Feltri contro i ciclisti, il fratello di Michele Scarponi è pronto a denunciare: «Sono disgustato, ha offeso la sua memoria»

Marco ricorda il fratello professionista travolto e ucciso da un furgone nel 2017. E attacca: «Una violenza verbale gravissima»

La dichiarazione di Vittorio Feltri non poteva rimanere senza conseguenze, lo si era capito già ieri, 25 settembre. Il direttore editoriale de Il Giornale aveva detto durante un evento a Milano per il cinquantennale della testata che i ciclisti gli «piacciono solo quando vengono investiti». Subito si era sollevato il coro di polemiche dall’opposizione, mentre le associazioni avevano lanciato una petizione per le dimissioni di Feltri, che è anche consigliere regionale in Lombardia e che avrebbe riscosso già migliaia di adesioni. Ora all’alzata di scudi degli attivisti si aggiunge anche la denuncia promessa dal fratello del ciclista professionista Michele Scarponi, travolto e ucciso da un furgone nel 2017 in provincia di Ancona mentre si allenava in preparazione del Giro d’Italia: «La nostra fondazione ha già avviato le pratiche per denunciare Feltri. Ha offeso la sua memoria».


«Sono semplicemente disgustato. Non era una battuta»

In un’intervista al Corriere della Sera, Marco Scarponi si definisce «disgustato». Non crede alla difesa di Feltri: «So che poi ha cercato di giustificarsi dicendo che la sua era una battuta. Non si è nemmeno scusato, è allucinante. Ma come può essere considerata una battuta una nefandezza simile?», dichiara. Parole che non possono non pesare pensando a tutti i ciclisti morti in strada, famosi come Davide Rebellin o meno: «Davide è morto come Michele, travolto mentre era sulle due ruote. È pazzesco che si possa infangare la loro memoria e quella di tanti altri ciclisti che sono morti investiti. Fra l’altro, Anna Tommasi, mia cognata e moglie di Michele, è trevigiana». Marco Scarponi non si spiega come il direttore del Giornale non possa rendersi conto «della gravità di quello che ha dichiarato. Sono parole di una violenza verbale gravissima». Appresa la notizia sperava «ci fosse un errore, poi ho capito che era tutto vero. Ho provato indignazione, è come se Michele fosse morto un’altra volta». Marco ha anche costituito una fondazione «per promuovere la cultura del rispetto.

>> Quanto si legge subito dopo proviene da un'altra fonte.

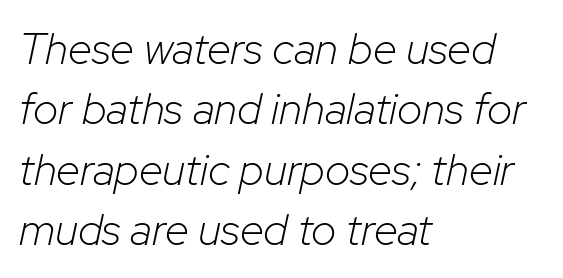
The image shows 44 px light type, italic (leaning right); set left-aligned, normal line spacing (1.37x), normal letter spacing, not underlined; low stroke contrast and a medium x-height.
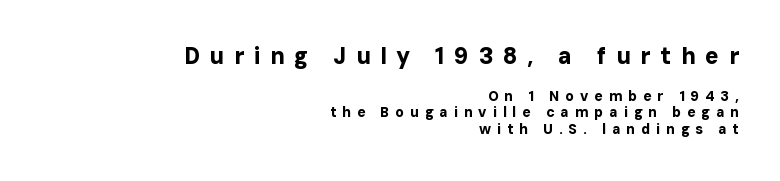
Weight: bold. Large over small — that's the arrangement of the two blocks here. The letterforms stand isolated, each surrounded by extra space. Visually the block forms a straight wall on the right and a jagged coastline on the left. The font's upright variant was chosen for this text.

Andiamo nelle scuole, parliamo e spieghiamo i corretti comportamenti a bambine e bambini, insegniamo loro a rispettare gli utenti della strada e ad usare un linguaggio corretto». Un modo istituzionale per «combattere questa cultura primitiva e odiosa, che ha creato generazioni di automobilisti violenti, poi arriva Feltri e dice certe cose. Non è possibile accettare una cosa simile», spiega Scarponi. Le dichiarazioni di Feltri hanno aperto di nuova la ferita intima, ma anche sociale: «Questa è una mazzata tremenda per chi si batte per il rispetto e della legalità sulle strade».